Measure: JSON validity rate (parses as valid JSON), schema conformance rate (conforms to your schema), functional correctness rate (output is semantically correct).

Model	JSON Validity	Schema Conformance	Functional Correctness
GPT-4o	99.5%	98.0%	97.5%
Claude 3.5	99.2%	97.5%	97.0%
GPT-4o-mini	98.0%	94.0%	92.0%
Llama 3.1 70B	95.0%	88.0%	85.0%

These numbers are illustrative. Your actual reliability will vary based on your schemas, prompts, and task types. Always test empirically.

Validation Layers

Never trust model outputs without validation. Even the most reliable models produce invalid outputs occasionally. Build validation layers that check outputs before passing them downstream.

Structural validation: Check that output parses as valid JSON and conforms to schema.

Semantic validation: Check that output values are reasonable and consistent with other known values.

Business logic validation: Check that output satisfies domain-specific constraints.

Validation is Not Optional

Every production system must validate structured outputs.
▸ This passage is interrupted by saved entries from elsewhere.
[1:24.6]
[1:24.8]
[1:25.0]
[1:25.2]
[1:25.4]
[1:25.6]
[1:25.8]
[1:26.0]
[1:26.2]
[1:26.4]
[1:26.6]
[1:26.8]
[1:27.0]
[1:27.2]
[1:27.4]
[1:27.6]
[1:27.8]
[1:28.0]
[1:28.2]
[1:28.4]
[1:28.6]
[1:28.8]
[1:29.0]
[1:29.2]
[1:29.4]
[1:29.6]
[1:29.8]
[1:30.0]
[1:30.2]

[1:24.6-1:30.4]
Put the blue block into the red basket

Model outputs can be invalid for reasons ranging from simple token limits to complex reasoning errors. Without validation, invalid outputs propagate through your system causing errors, crashes, or data corruption downstream.

Practical Example: DataForge Structured Output Pipeline

Who: A legal tech startup processing contract documents

Situation: DataForge extracts structured information from contracts using function calling

Problem: Initial implementation had 12% failure rate due to invalid function calls and schema mismatches

Solution: The team implemented a multi-layer validation pipeline:

Layer 1: Structural validation rejects non-JSON and schema violations immediately. Layer 2: Semantic validation checks that extracted dates are reasonable and entities are consistent. Layer 3: Business logic validation ensures extracted clauses are internally consistent. Layer 4: Cross-document validation flags inconsistencies across multiple contract sections.
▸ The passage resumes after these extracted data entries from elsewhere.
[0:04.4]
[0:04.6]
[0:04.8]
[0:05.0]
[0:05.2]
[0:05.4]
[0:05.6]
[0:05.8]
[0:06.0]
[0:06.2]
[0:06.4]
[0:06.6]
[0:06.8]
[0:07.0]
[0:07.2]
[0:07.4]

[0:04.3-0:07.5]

Result: Invalid output rate dropped from 12% to 0.3%. The remaining failures are flagged for human review. Human review queue decreased 85%, making the system economically viable.

Cross-References

For tool use in agentic architectures, see Chapter 15.4 Agentic Workflow Systems. For security considerations with tool calling, see Chapter 20 Security. For evaluation of structured outputs, see Chapter 24 Evaluation.

Section Summary

Structured outputs transform models from text generators into reliable system components. JSON mode constrains output to conform to schemas, enabling programmatic consumption. Function calling enables models to invoke external tools with typed arguments. Tool schema design requires specific types, clear descriptions, and explicit handling of missing values. Validation layers are essential because every model produces invalid outputs occasionally. Measure reliability empirically across your specific tasks and schemas, not just on benchmarks.